LRB Article PDF: Alexander the Brilliant (LRB volume 10 number 04, 18 February 1988)

Edward Said

Much the best way to convey appreciation of Alexander Cockburn's rousing and combative prose is to quote him at length. The protocols of reviewing, however, preclude such a practice, so one has to resort to the altogether drearier method of describing what he is about. Recently I mentioned to him that I was reading his book in order to review it. He was calling from Eugene, Oregon (the week before he had been in New Smyrna Beach, Florida, and just before that we had had breakfast in London, to which he had just come from Moscow). 'Noting with pleasure and admiration the superb prose, the witty observation, the admirable structure,' he immediately volunteered. Why, in the desert of today's journalistic mediocrity and cowardly trimming, anyone with Cockburn's gifts and courage should be modest, or mock-modest, I shall leave to others to discuss. Certainly the darting, cruel and unsparing wit displayed by this oldest son of Claud Cockburn stands out brilliantly in the pages of the Nation, the Wall Street Journal, In These Times, week after week. Few people have the courage to accumulate enemies the way Cockburn has.
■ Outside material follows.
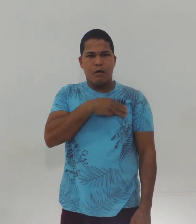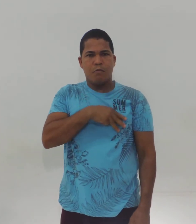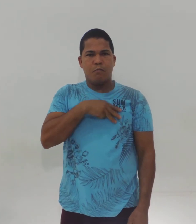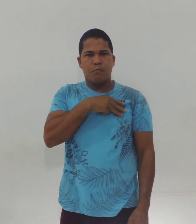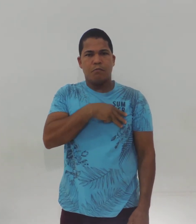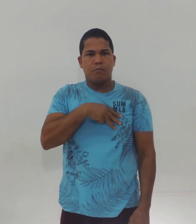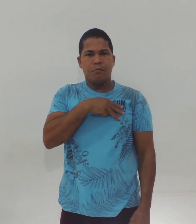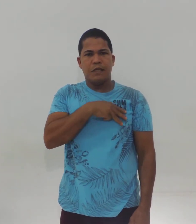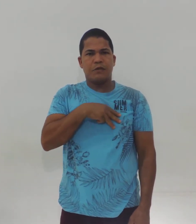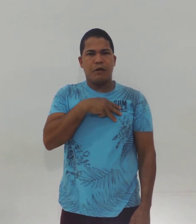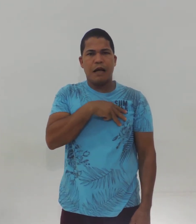Missionário

Starting with Ronald Reagan, whom he twits remorselessly, he has been on the wrong side of the entire US Government, of the New Republic, of Norman Podhoretz, of nearly every journalist of note, left, right and centre, of the New York Times, of the McNeil-Lehrer Report (see in particular his devastating replication of that TV programme's famous 'balance', with the ponderously sober 'Robin' McNeil, 'Jim' Lehrer and 'Charlene' Hunter-Gault studiously examining both sides of the slavery question, Hitler and the Crucifixion), of most academics and of all TV networks, of the rich and the famous, of the military, of Israel, of Thatcher, Kissinger, and many others. He has, it should be added, his softer side, which emerges occasionally in gay or commendatory remarks about family, good cooking (excluding Chinese), figures of stoic calm and moral truthfulness (Israel Shahak, Chairman of the Israeli League of Human Rights), socialism, P.G. Wodehouse.